▸ **Problem statement**
Every entry below is to be returned unchanged. Images are not part of the copy.

▸ **Supplied records**

= = = = = = =

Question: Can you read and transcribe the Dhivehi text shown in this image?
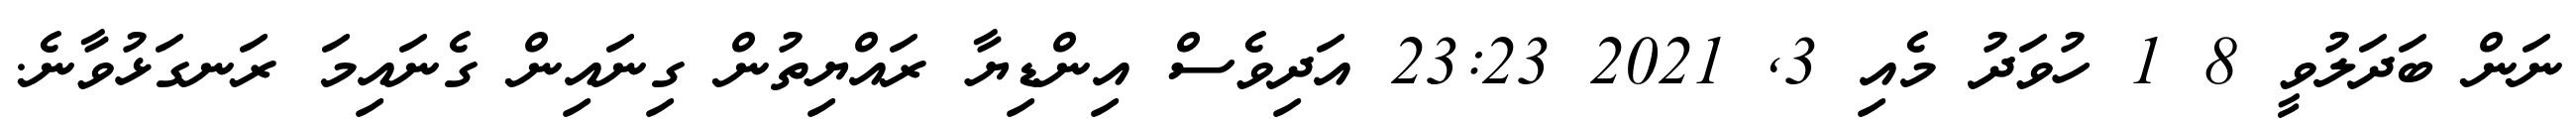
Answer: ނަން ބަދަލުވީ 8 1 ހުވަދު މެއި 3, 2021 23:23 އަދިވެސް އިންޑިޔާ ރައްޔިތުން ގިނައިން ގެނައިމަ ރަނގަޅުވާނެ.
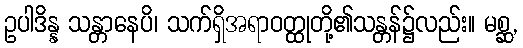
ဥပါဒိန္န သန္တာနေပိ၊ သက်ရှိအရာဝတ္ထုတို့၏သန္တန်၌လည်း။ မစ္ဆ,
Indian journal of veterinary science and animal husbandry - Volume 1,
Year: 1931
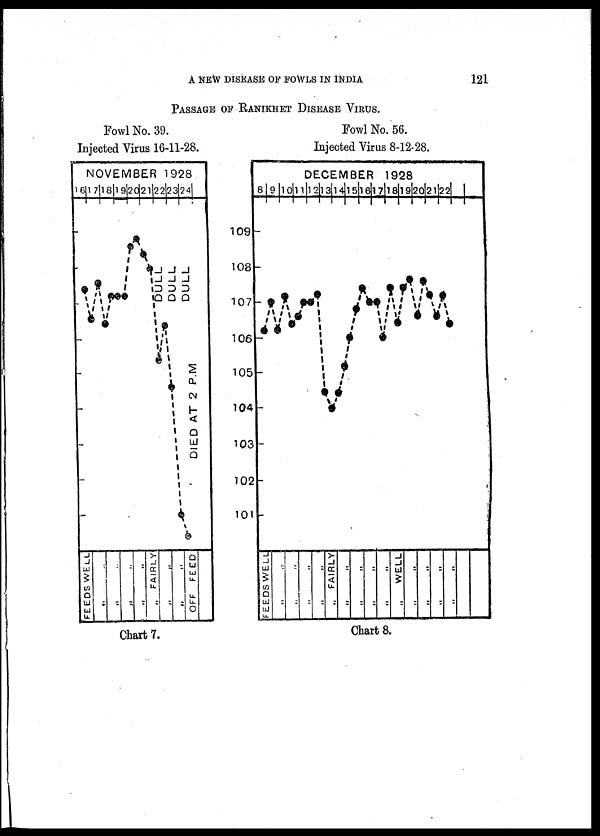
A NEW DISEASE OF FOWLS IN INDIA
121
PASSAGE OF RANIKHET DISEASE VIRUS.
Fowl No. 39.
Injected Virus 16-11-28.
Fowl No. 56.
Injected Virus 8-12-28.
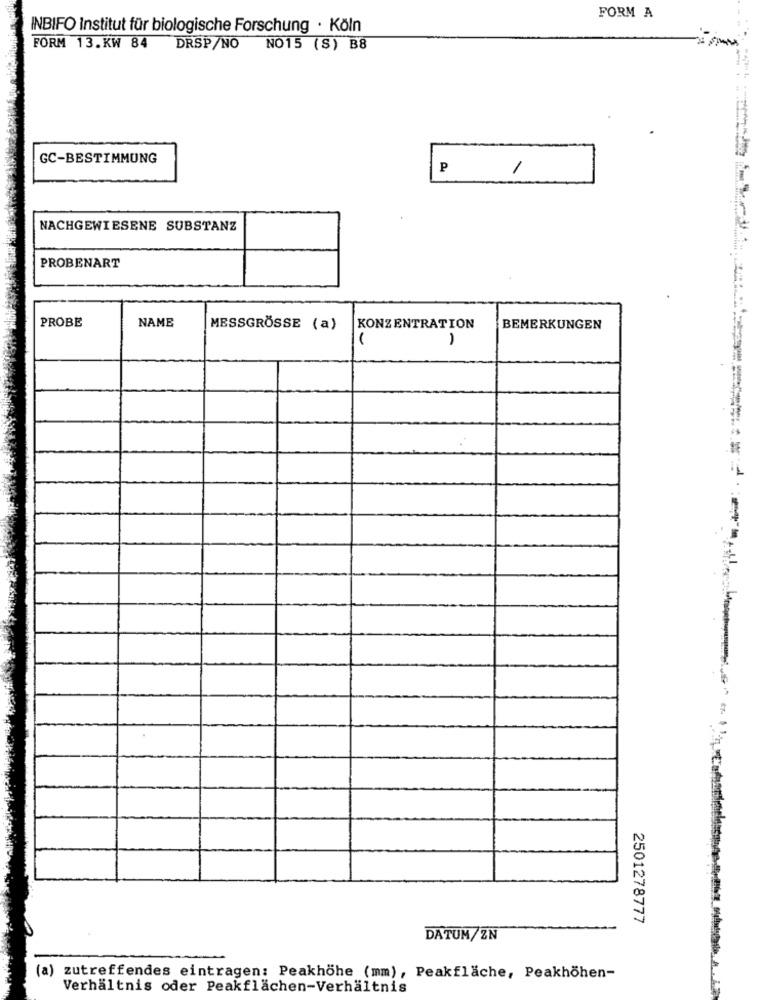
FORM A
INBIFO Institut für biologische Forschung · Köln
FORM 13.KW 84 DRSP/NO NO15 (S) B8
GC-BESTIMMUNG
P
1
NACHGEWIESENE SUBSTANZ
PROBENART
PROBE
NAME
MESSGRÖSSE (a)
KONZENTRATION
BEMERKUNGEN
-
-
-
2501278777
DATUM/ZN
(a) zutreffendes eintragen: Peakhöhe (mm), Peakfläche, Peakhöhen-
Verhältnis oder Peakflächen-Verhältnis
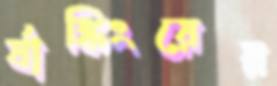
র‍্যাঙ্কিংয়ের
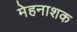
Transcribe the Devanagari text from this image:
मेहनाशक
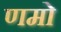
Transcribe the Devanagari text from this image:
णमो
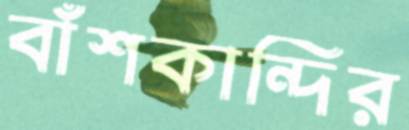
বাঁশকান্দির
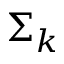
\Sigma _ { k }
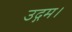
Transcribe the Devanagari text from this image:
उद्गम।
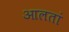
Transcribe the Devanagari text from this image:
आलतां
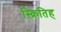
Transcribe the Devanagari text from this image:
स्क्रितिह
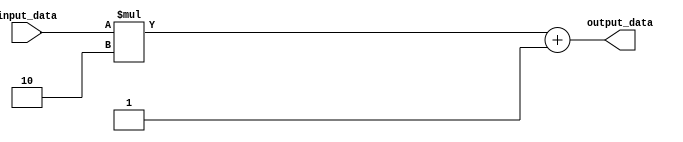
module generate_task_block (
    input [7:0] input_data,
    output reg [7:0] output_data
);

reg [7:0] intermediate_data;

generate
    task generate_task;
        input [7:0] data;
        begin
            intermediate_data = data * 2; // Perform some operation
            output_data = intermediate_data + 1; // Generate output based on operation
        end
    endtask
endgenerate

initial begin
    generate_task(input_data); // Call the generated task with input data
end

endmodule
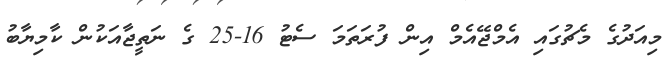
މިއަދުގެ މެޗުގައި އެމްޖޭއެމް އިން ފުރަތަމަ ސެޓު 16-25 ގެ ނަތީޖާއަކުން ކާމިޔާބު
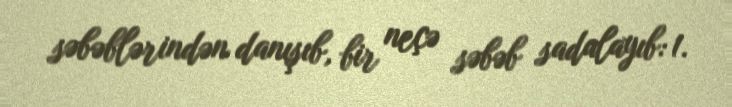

= = = = = = =

▸ **Exercise answer**
Question: Can you read and transcribe the Dhivehi text shown in this image?
Answer: ނަން ބަދަލުވީ 8 1 ހުވަދު މެއި 3, 2021 23:23 އަދިވެސް އިންޑިޔާ ރައްޔިތުން ގިނައިން ގެނައިމަ ރަނގަޅުވާނެ.
ဥပါဒိန္န သန္တာနေပိ၊ သက်ရှိအရာဝတ္ထုတို့၏သန္တန်၌လည်း။ မစ္ဆ,
Indian journal of veterinary science and animal husbandry - Volume 1,
Year: 1931
A NEW DISEASE OF FOWLS IN INDIA
121
PASSAGE OF RANIKHET DISEASE VIRUS.
Fowl No. 39.
Injected Virus 16-11-28.
Fowl No. 56.
Injected Virus 8-12-28.
FORM A
INBIFO Institut für biologische Forschung · Köln
FORM 13.KW 84 DRSP/NO NO15 (S) B8
GC-BESTIMMUNG
P
1
NACHGEWIESENE SUBSTANZ
PROBENART
PROBE
NAME
MESSGRÖSSE (a)
KONZENTRATION
BEMERKUNGEN
-
-
-
2501278777
DATUM/ZN
(a) zutreffendes eintragen: Peakhöhe (mm), Peakfläche, Peakhöhen-
Verhältnis oder Peakflächen-Verhältnis
র‍্যাঙ্কিংয়ের
Transcribe the Devanagari text from this image:
मेहनाशक
Transcribe the Devanagari text from this image:
णमो
বাঁশকান্দির
\Sigma _ { k }
Transcribe the Devanagari text from this image:
उद्गम।
Transcribe the Devanagari text from this image:
आलतां
Transcribe the Devanagari text from this image:
स्क्रितिह
module generate_task_block (
    input [7:0] input_data,
    output reg [7:0] output_data
);

reg [7:0] intermediate_data;

generate
    task generate_task;
        input [7:0] data;
        begin
            intermediate_data = data * 2; // Perform some operation
            output_data = intermediate_data + 1; // Generate output based on operation
        end
    endtask
endgenerate

initial begin
    generate_task(input_data); // Call the generated task with input data
end

endmodule
މިއަދުގެ މެޗުގައި އެމްޖޭއެމް އިން ފުރަތަމަ ސެޓު 16-25 ގެ ނަތީޖާއަކުން ކާމިޔާބު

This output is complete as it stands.